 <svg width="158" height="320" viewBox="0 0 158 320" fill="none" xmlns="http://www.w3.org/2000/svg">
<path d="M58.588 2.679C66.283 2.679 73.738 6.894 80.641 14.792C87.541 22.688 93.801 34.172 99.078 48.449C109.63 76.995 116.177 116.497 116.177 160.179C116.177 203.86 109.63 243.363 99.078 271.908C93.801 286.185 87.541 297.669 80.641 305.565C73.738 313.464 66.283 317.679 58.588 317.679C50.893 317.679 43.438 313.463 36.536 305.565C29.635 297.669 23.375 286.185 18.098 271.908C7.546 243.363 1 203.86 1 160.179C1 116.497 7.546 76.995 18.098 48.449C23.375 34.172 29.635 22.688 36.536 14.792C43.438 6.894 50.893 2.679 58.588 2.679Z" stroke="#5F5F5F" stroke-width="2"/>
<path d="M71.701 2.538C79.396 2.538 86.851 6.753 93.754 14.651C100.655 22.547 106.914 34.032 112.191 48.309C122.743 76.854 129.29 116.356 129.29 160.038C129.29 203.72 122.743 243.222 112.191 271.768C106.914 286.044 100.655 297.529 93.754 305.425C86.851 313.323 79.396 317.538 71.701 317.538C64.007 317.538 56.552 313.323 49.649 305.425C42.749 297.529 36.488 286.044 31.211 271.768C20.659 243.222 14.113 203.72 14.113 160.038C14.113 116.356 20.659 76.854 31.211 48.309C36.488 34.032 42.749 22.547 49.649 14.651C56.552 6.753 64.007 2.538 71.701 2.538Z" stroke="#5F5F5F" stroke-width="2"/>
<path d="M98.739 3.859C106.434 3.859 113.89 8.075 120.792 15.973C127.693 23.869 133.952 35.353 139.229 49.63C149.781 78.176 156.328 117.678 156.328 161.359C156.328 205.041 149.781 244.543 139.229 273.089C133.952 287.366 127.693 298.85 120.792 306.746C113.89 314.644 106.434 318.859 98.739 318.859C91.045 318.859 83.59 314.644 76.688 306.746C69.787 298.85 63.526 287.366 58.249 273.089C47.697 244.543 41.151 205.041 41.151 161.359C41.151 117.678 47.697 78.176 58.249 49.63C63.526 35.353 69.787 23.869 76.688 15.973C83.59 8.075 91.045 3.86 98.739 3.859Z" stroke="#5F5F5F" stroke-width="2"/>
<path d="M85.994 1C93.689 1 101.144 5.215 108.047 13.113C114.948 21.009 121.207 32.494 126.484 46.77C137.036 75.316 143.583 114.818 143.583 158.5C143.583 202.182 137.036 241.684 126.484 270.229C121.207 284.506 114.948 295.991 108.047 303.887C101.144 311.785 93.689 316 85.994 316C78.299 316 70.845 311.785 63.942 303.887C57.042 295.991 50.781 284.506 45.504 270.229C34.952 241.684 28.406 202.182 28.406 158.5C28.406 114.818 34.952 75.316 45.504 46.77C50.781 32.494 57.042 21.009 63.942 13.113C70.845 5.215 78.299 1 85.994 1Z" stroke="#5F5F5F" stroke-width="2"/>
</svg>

# Instructions to follow
Reproduce the listing above exactly as far as the line with "2.679C66.283 2.679 73.738", that line included.

# Task output
 <svg width="158" height="320" viewBox="0 0 158 320" fill="none" xmlns="http://www.w3.org/2000/svg">
<path d="M58.588 2.679C66.283 2.679 73.738 6.894 80.641 14.792C87.541 22.688 93.801 34.172 99.078 48.449C109.63 76.995 116.177 116.497 116.177 160.179C116.177 203.86 109.63 243.363 99.078 271.908C93.801 286.185 87.541 297.669 80.641 305.565C73.738 313.464 66.283 317.679 58.588 317.679C50.893 317.679 43.438 313.463 36.536 305.565C29.635 297.669 23.375 286.185 18.098 271.908C7.546 243.363 1 203.86 1 160.179C1 116.497 7.546 76.995 18.098 48.449C23.375 34.172 29.635 22.688 36.536 14.792C43.438 6.894 50.893 2.679 58.588 2.679Z" stroke="#5F5F5F" stroke-width="2"/>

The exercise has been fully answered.